The thing about huge selling compilation albums – particularly ones that dominate the charts for most of the year - is that for the artists concerned, they serve two purposes: as an end and therefore a beginning. They give you artistic pause, a chance to reflect, to reconsider and to redefine what you might want to do in the next phase of your career.
For Nelson, that came during the preparation of his 1983 classic with Merle Haggard, Pancho & Lefty. The producer, Chips Moman, suggested that the pair record ‘Always on My Mind’ - Haggard rejected it outright. Willie disagreed, going ahead with his own solo version, inadvertently making a start – albeit unknowingly – on his next project.
Looking back at this moment in his autobiography, Nelson recalled; “We’ll never know what would’ve happened if Merle had really heard the song right. ‘Always On My Mind’ bowled me over the moment I first heard it, which is one of the ways I pick songs to record”.
With that in mind, Nelson and Moman went straight into the studio to try and capture lightning in a bottle for a second time.

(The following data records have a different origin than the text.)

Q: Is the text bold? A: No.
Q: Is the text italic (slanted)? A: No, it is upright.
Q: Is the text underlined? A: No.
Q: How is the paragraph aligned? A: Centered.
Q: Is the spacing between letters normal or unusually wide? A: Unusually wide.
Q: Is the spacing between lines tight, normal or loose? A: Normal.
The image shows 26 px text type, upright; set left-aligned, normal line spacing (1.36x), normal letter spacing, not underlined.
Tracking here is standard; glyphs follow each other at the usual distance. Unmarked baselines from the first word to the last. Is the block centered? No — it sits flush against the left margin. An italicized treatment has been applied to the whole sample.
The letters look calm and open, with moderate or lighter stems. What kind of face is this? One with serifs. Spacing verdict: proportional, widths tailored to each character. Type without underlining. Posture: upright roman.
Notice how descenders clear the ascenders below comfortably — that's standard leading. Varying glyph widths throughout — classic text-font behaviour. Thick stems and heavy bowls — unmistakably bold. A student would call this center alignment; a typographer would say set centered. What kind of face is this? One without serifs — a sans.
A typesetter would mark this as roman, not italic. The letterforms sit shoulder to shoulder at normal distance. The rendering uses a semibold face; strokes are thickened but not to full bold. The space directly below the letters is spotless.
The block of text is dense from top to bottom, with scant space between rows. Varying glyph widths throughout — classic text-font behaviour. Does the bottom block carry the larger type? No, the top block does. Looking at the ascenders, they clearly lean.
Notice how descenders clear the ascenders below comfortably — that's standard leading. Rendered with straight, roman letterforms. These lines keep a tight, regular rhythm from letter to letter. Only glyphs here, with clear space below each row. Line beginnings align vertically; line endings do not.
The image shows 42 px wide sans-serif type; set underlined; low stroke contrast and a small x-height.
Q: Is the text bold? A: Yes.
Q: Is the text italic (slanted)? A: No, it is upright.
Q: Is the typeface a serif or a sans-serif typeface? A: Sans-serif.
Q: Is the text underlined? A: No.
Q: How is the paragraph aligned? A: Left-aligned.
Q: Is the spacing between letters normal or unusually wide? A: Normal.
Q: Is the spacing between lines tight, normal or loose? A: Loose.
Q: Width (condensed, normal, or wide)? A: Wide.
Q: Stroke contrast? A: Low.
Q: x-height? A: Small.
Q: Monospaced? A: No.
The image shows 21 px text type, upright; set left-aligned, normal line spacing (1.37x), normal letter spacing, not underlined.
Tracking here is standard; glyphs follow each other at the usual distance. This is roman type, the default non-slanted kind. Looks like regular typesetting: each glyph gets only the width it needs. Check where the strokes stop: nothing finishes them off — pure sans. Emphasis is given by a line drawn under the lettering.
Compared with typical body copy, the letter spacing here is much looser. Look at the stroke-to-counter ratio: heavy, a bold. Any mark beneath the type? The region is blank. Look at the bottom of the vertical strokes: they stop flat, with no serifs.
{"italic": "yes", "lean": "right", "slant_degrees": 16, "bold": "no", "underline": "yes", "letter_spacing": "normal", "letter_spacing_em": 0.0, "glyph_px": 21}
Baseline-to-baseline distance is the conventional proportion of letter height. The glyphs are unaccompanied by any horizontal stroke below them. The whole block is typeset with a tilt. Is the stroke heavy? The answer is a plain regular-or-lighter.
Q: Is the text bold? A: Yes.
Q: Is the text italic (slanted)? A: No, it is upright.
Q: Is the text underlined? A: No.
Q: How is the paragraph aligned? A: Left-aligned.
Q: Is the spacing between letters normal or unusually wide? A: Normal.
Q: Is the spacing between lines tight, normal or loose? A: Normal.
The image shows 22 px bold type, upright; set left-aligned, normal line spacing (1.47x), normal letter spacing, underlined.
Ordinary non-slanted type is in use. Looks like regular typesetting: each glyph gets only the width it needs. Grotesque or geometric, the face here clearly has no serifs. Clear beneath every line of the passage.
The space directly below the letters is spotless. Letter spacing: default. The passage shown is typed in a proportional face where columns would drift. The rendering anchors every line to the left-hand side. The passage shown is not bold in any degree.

On Stardust - while working with Booker T Jones of MGs fame - Willie had taken a set of tunes from the Great American Songbook and recast them in his own image. This time around, they would try to do the same thing to songs from two different genres entirely: rock and soul.
The impetus for this came from Moman himself. The Georgian had cut his teeth on the road in the 1950s touring with Gene Vincent and Johnny Burnette, before relocating to Memphis to work with the nascent Stax operation. A financial falling out with founder Jim Stewart led to Moman setting up his own studio – American Sound – in the Bluff City and forming a long-lasting partnership with songwriter Dan Penn, both of which would pay dividends in the years that followed.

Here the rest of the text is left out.